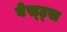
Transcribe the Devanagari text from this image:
वेस्ट्स
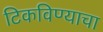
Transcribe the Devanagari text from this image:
टिकविण्याचा
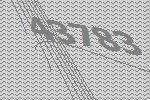
43783
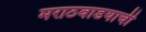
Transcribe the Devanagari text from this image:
मराठवाडयाची
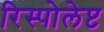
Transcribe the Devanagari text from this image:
रिस्पोलेप्ट
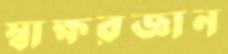
স্বাক্ষরজ্ঞান
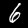
Digit: 6
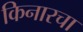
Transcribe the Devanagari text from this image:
किनारचा
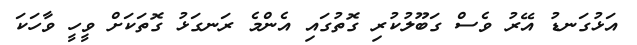
އަޅުގަނޑު އޭރު ވެސް ގަބޫލުކުރި ގޮތުގައި އެންމެ ރަނގަޅު ގޮތަކަށް ވީހީ ވާހަކަ
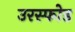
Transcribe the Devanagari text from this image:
उरस्फोड
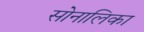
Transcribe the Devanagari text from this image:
सोनालिका
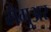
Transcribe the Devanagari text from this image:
मैगुअर
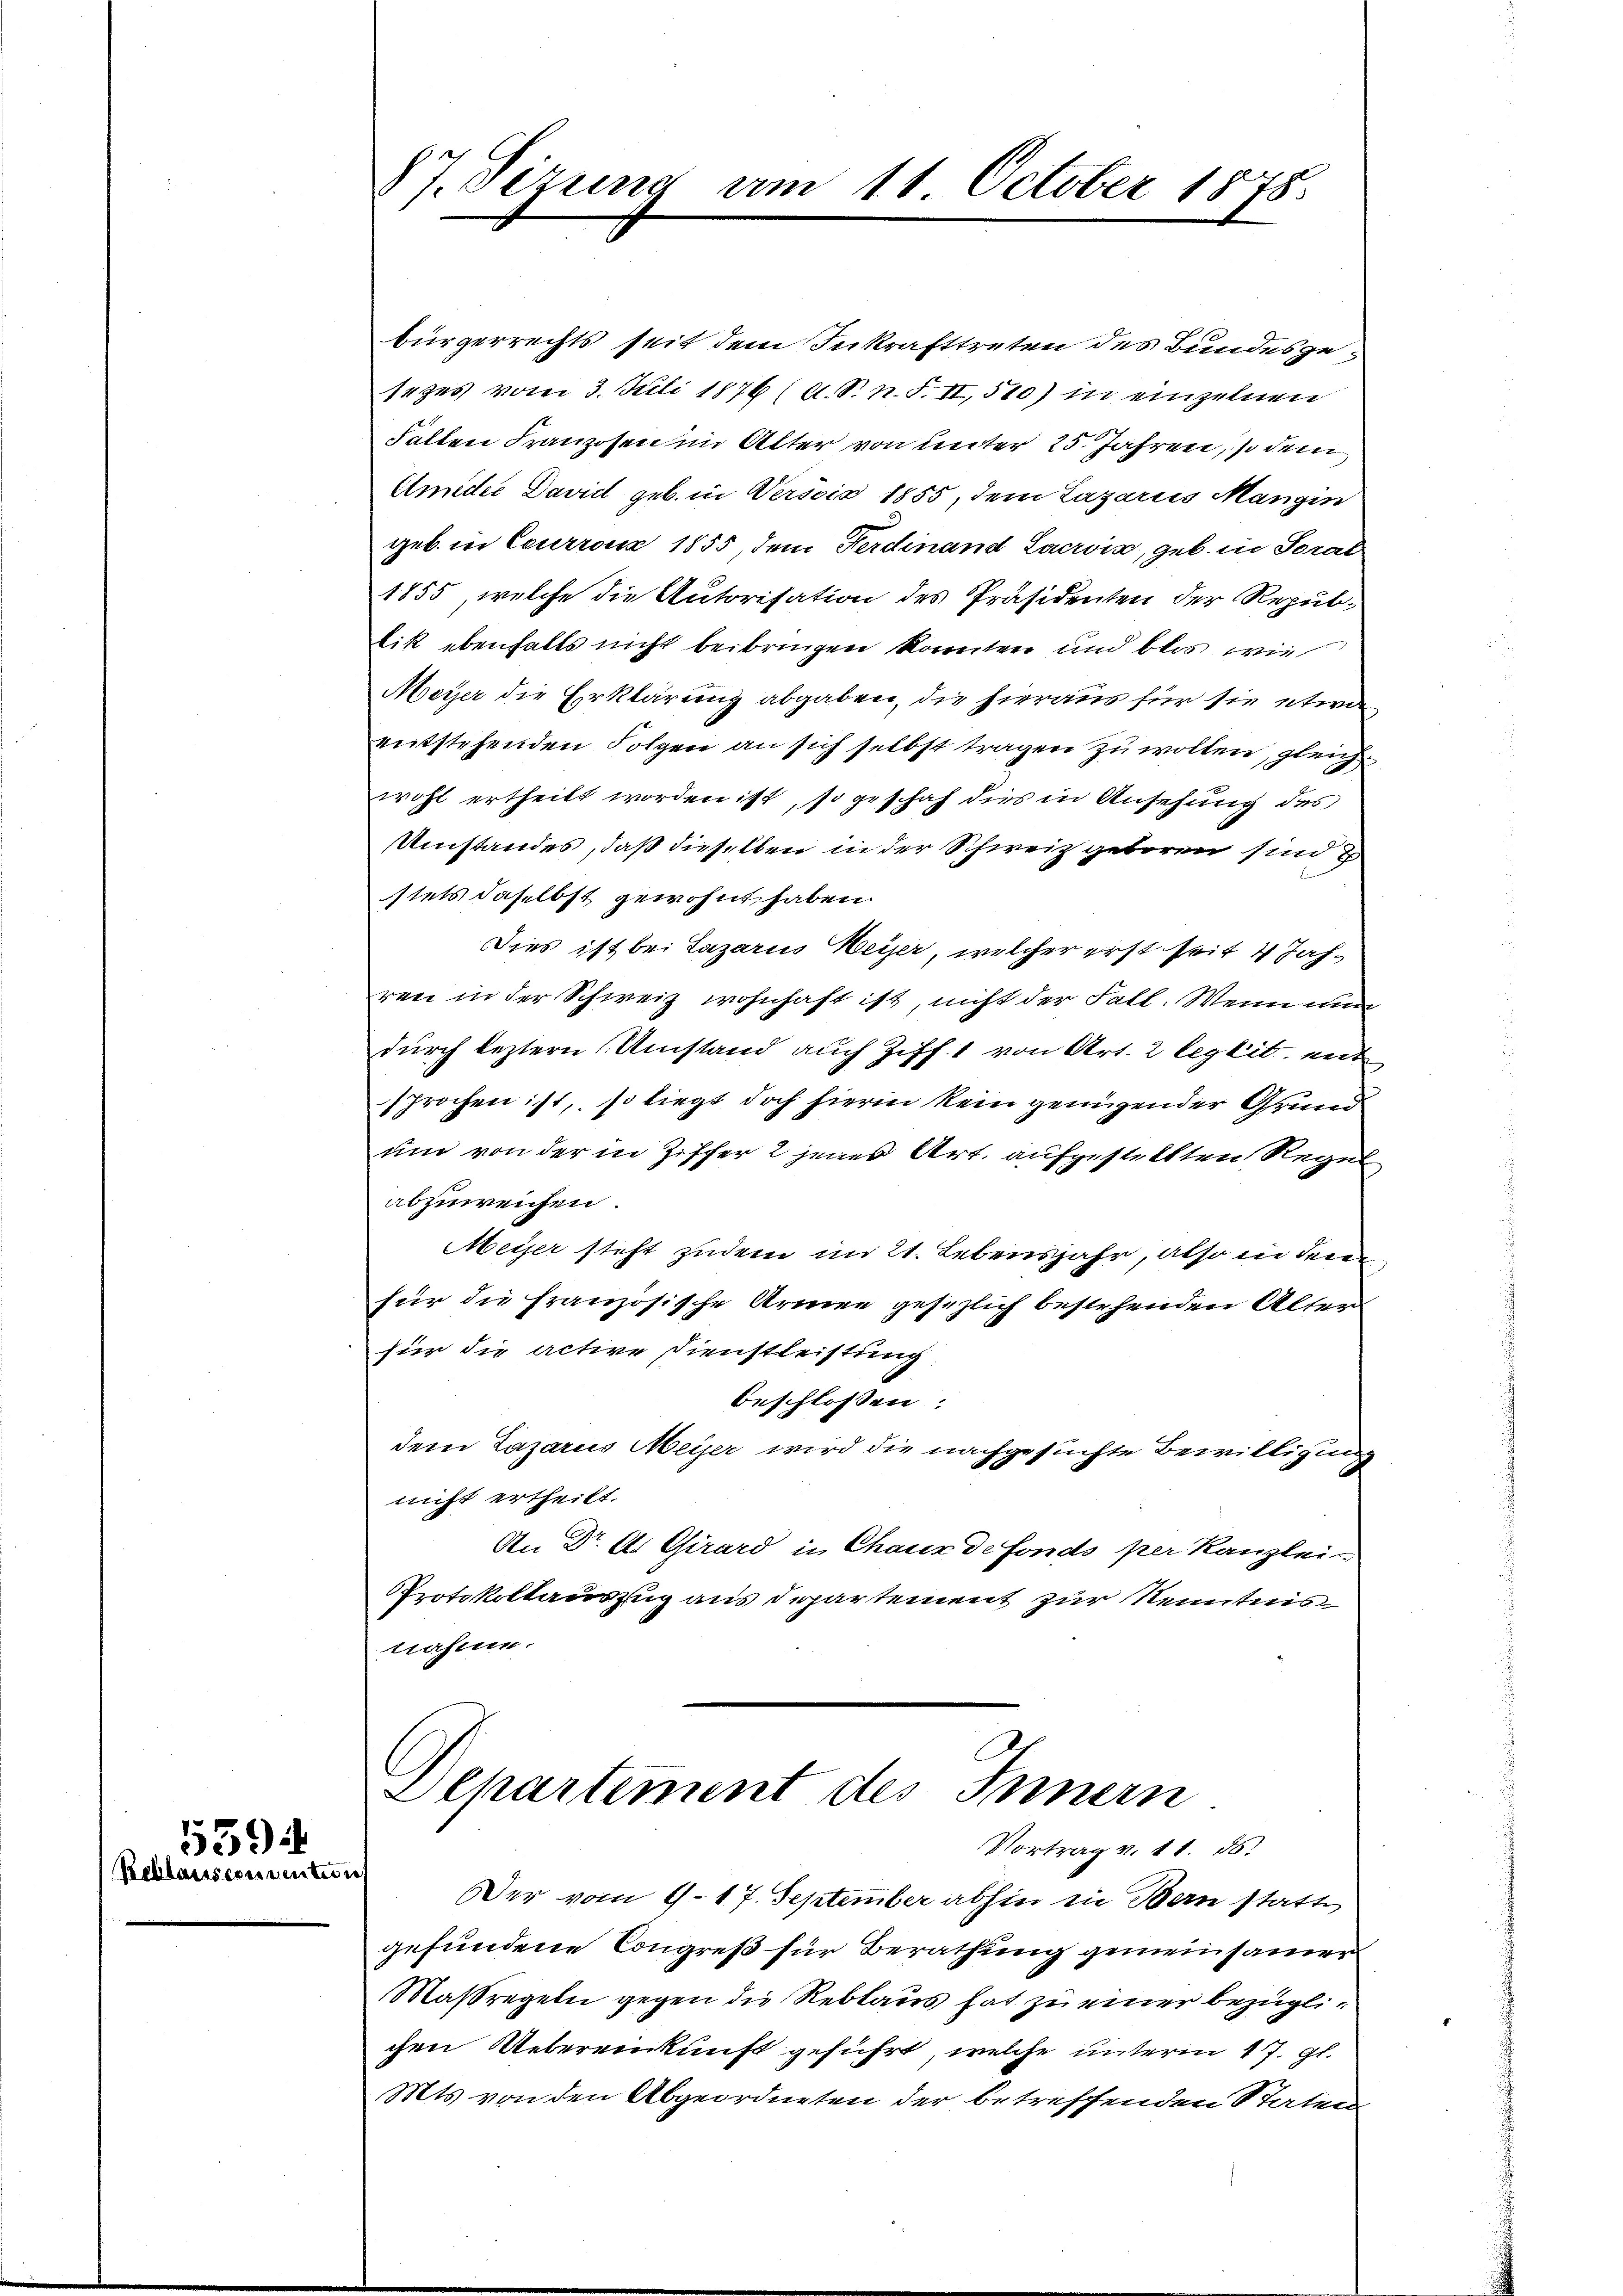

★ ★ ★ ★ ★

▶ Work order
Repeat the whole listing above word for word. Leave out the pictures.

▶ Solution to this problem
Transcribe the Devanagari text from this image:
वेस्ट्स
Transcribe the Devanagari text from this image:
टिकविण्याचा
43783
Transcribe the Devanagari text from this image:
मराठवाडयाची
Transcribe the Devanagari text from this image:
रिस्पोलेप्ट
স্বাক্ষরজ্ঞান
Digit: 6
Transcribe the Devanagari text from this image:
किनारचा
އަޅުގަނޑު އޭރު ވެސް ގަބޫލުކުރި ގޮތުގައި އެންމެ ރަނގަޅު ގޮތަކަށް ވީހީ ވާހަކަ
Transcribe the Devanagari text from this image:
उरस्फोड
Transcribe the Devanagari text from this image:
सोनालिका
Transcribe the Devanagari text from this image:
मैगुअर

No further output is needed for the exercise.